That makes it much less competitive than it sounds. So much so, says Martin Lewis on Moneysavingexpert.com, that anyone borrowing less than £220,000 on a repayment basis for 25 years would be better off bypassing it and perhaps looking for a lower fee mortgage even if it comes with a higher rate.
Calculations from John Charcol for The Sunday Times come to a similar conclusion, by comparing the Chelsea offer with one from Norwich and Peterborough that comes with a headline rate of 2.24% but a much lower fee £294. Those borrowing more than £170,900 will be better off with Chelsea. Those borrowing less will be better off with Norwich and Peterborough.

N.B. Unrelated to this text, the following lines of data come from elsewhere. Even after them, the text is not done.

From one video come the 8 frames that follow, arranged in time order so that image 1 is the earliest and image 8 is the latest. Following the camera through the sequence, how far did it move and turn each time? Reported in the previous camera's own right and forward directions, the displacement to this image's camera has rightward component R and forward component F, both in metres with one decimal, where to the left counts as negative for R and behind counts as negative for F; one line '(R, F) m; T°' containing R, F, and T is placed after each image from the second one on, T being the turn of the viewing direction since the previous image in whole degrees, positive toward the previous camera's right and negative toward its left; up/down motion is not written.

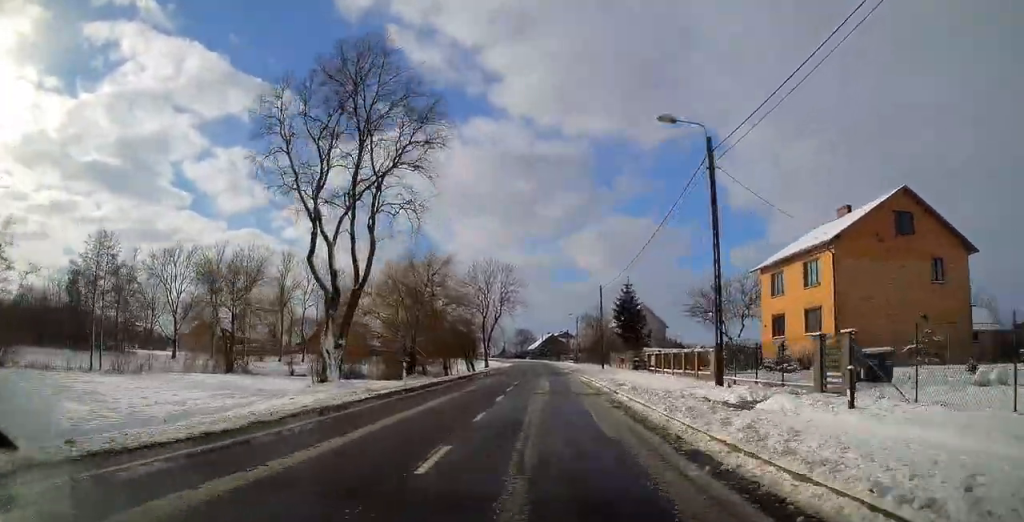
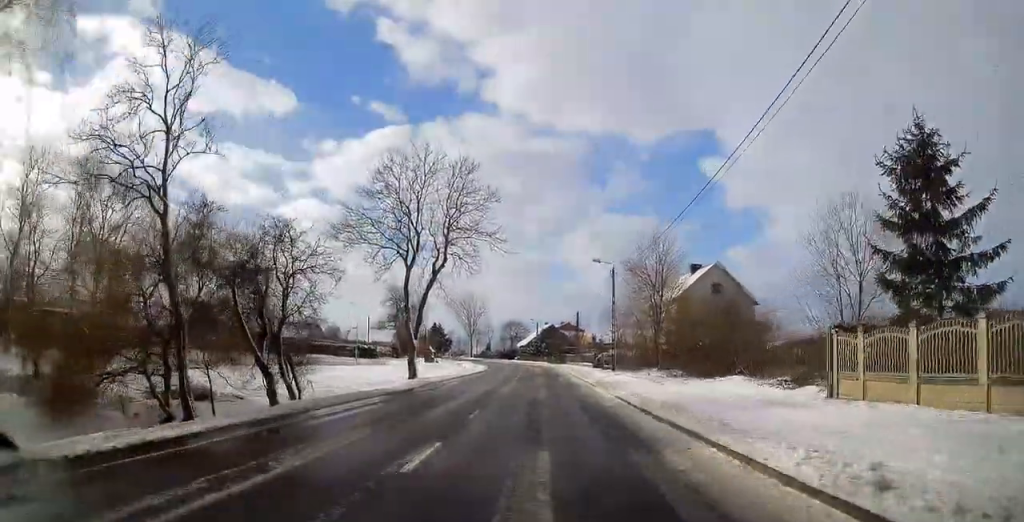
(-0.4, +52.3) m; -1°
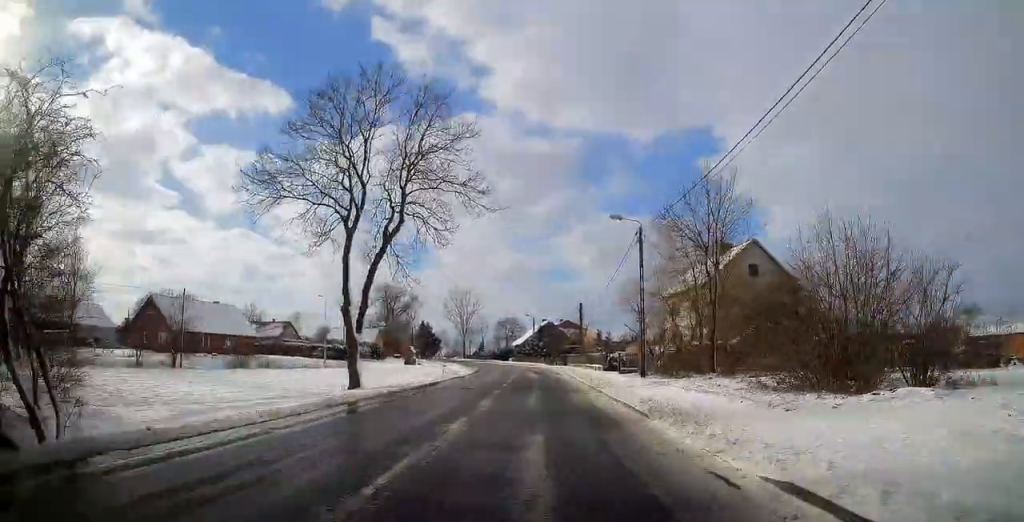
(0.0, +13.2) m; 0°
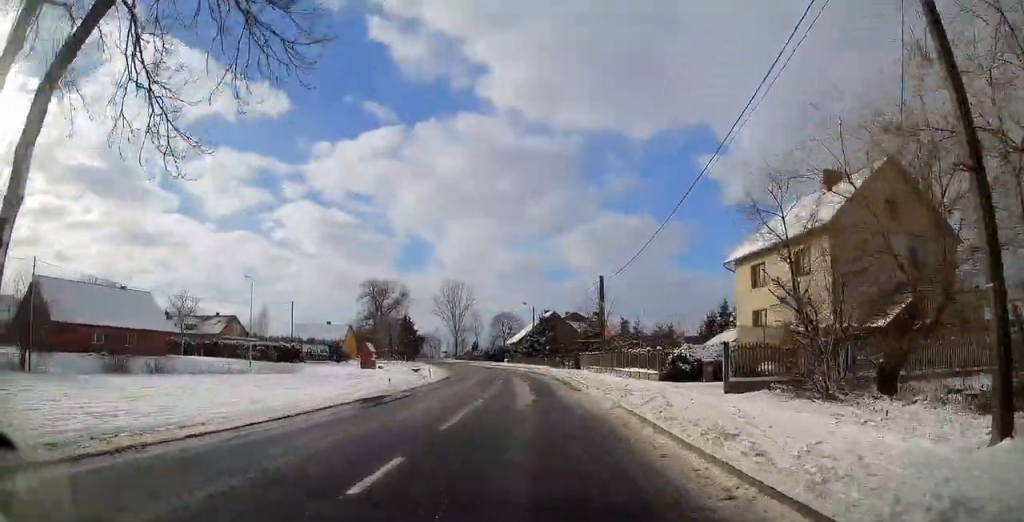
(0.0, +23.3) m; -3°
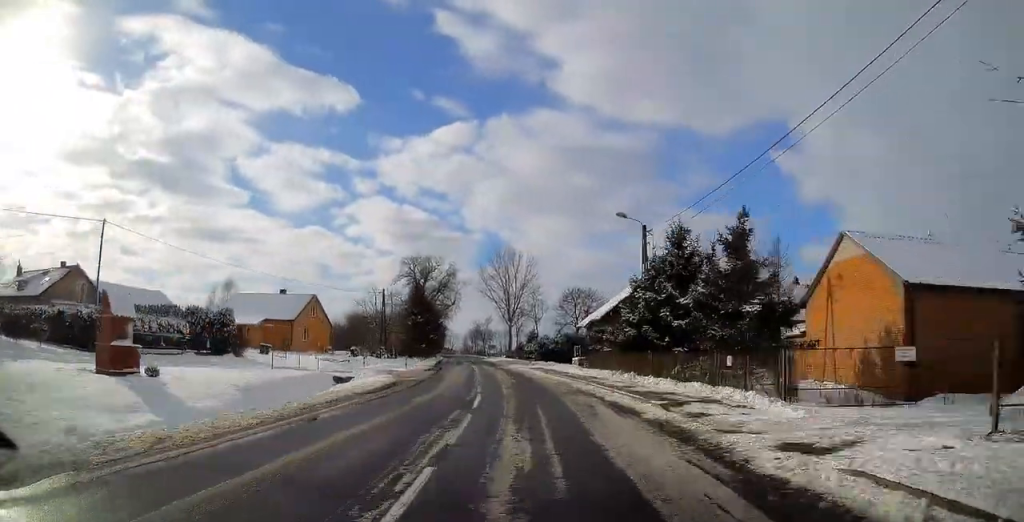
(-3.4, +49.8) m; -6°
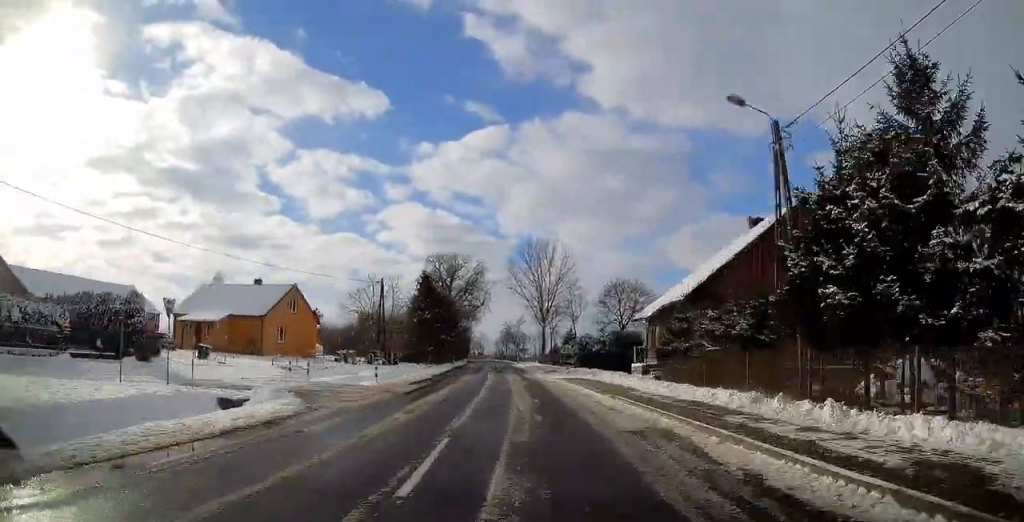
(0.0, +15.2) m; 0°
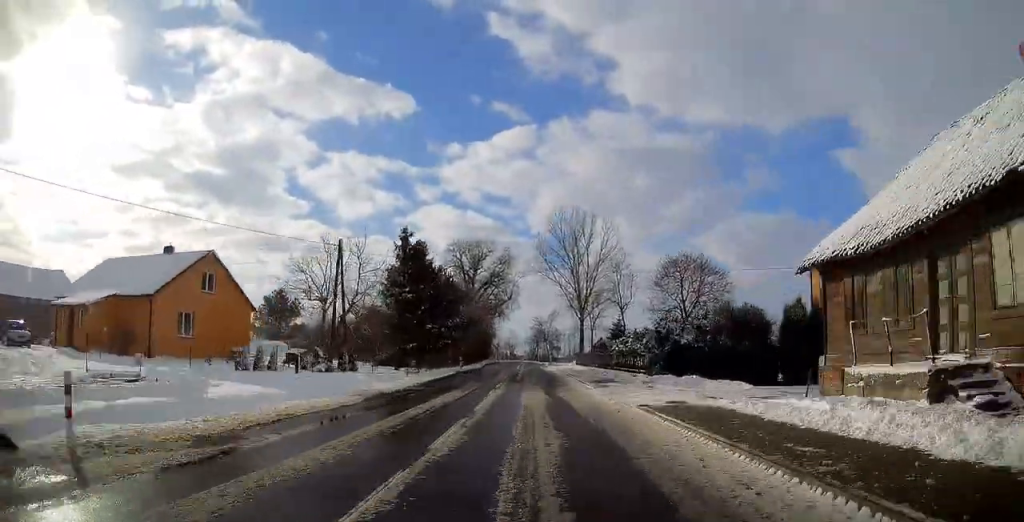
(0.0, +20.5) m; -1°
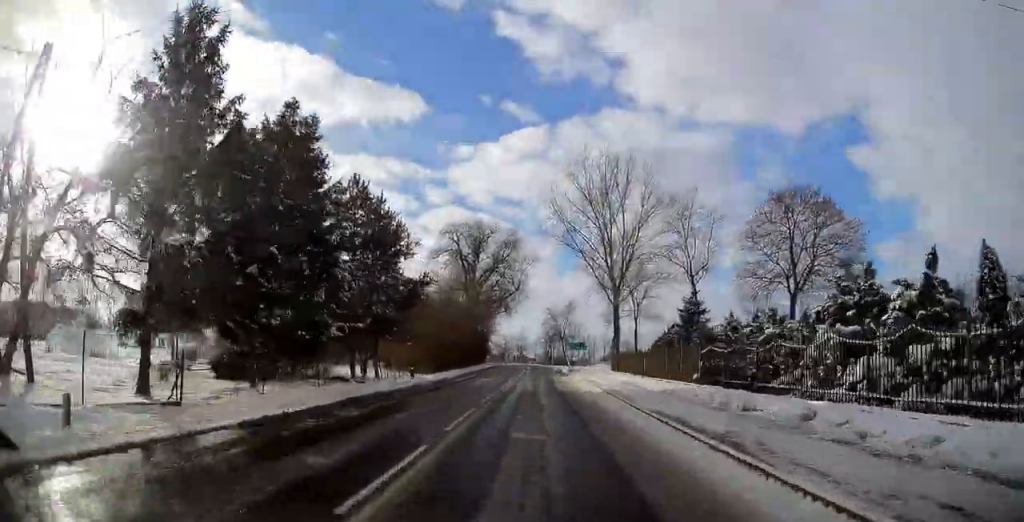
(-0.2, +27.3) m; -3°
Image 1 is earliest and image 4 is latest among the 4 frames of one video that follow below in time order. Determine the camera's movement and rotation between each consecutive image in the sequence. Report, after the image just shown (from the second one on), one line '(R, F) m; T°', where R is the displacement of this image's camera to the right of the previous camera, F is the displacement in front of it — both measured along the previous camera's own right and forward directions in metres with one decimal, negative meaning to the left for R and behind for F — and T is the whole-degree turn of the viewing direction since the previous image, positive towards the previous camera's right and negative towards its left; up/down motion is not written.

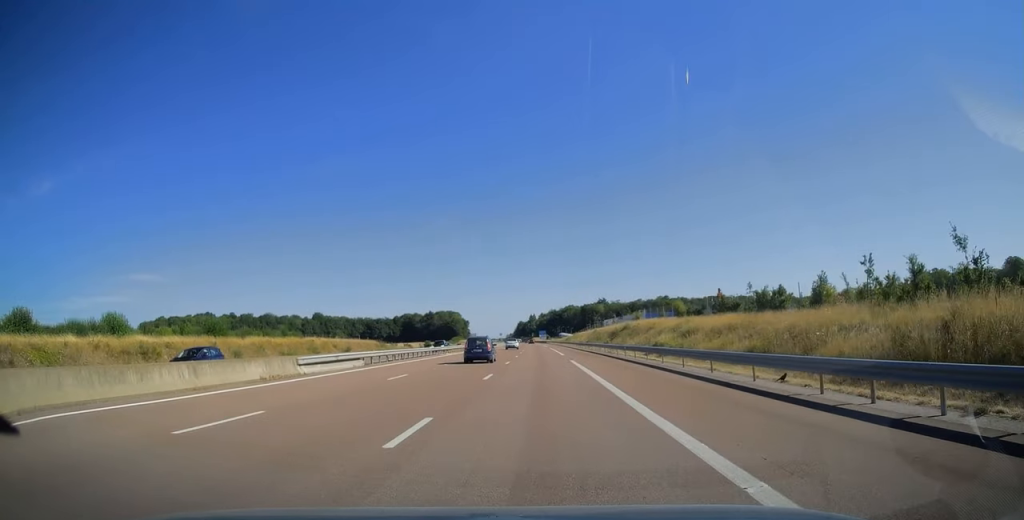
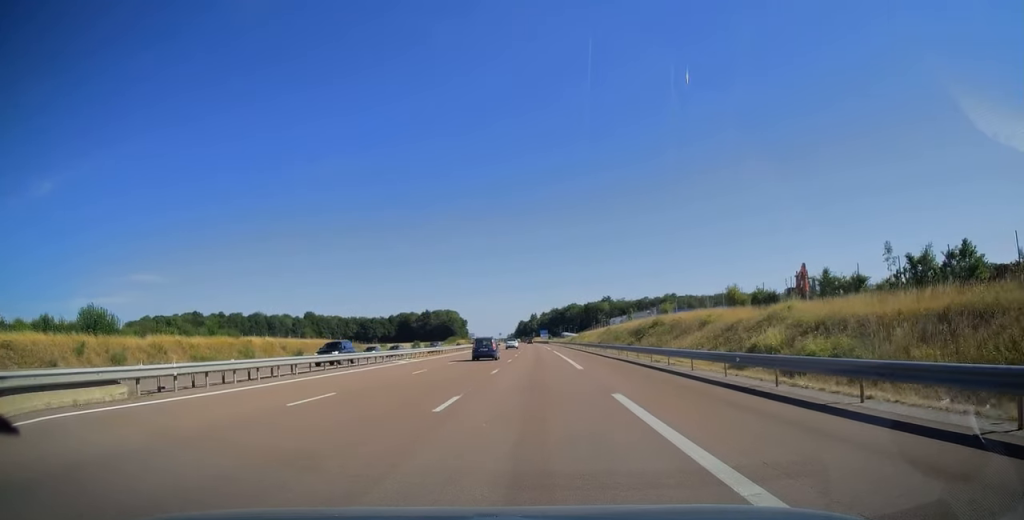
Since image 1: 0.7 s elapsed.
(0.0, +21.7) m; 0°
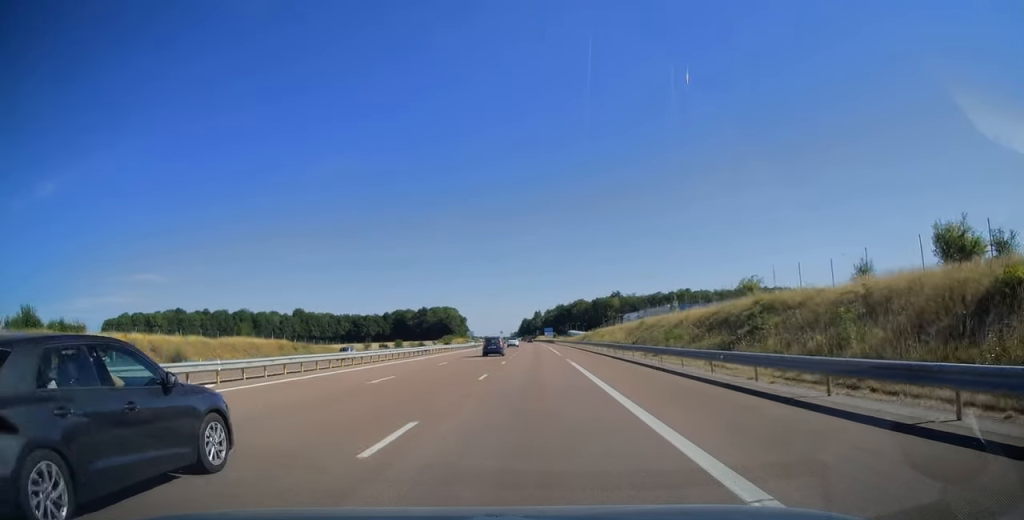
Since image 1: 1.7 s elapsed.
(-0.1, +30.8) m; 0°
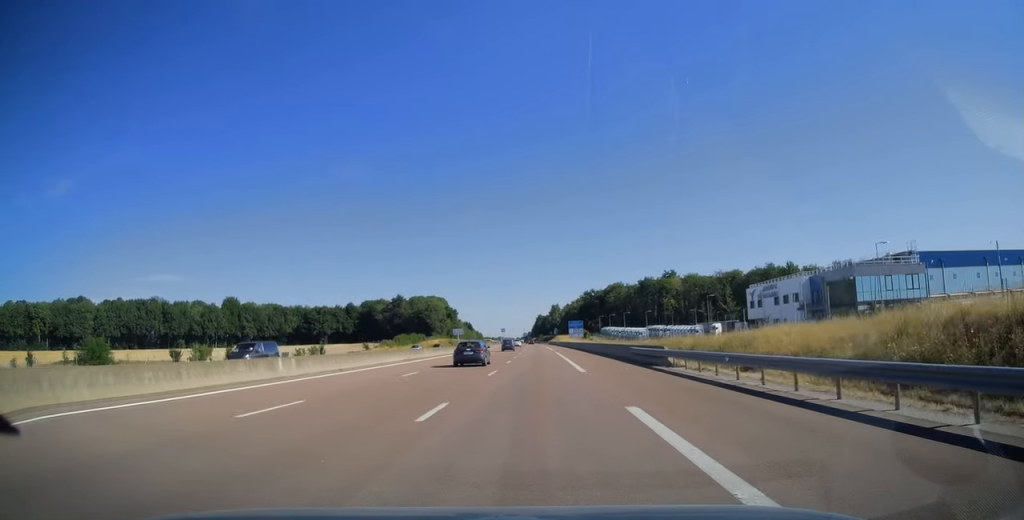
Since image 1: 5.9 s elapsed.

You will be shaking your head sadly by now and with good reason. There is a fundamental disconnect in the financial industry between client and provider. All most of us want is a transparent and easy way to compare the prices of financial products. All our providers want is to avoid just that the more confusion they create, the more likely they are to be able to keep making supernormal profits indefinitely. It keeps us all in a constant state of war, trying to work out where the catches in our products are. And it's very boring (unless you are ever the recipient of a supernormal bonus, of course).
However, one piece of good news is that Moneysavingexpert.com has on its website The Ultimate Mortgage Calculator', a nifty gadget that allows you to compare the cost of mortgages, including their fees, over various time frames. A nice weapon to have in your armoury if you are in the market for a new mortgage.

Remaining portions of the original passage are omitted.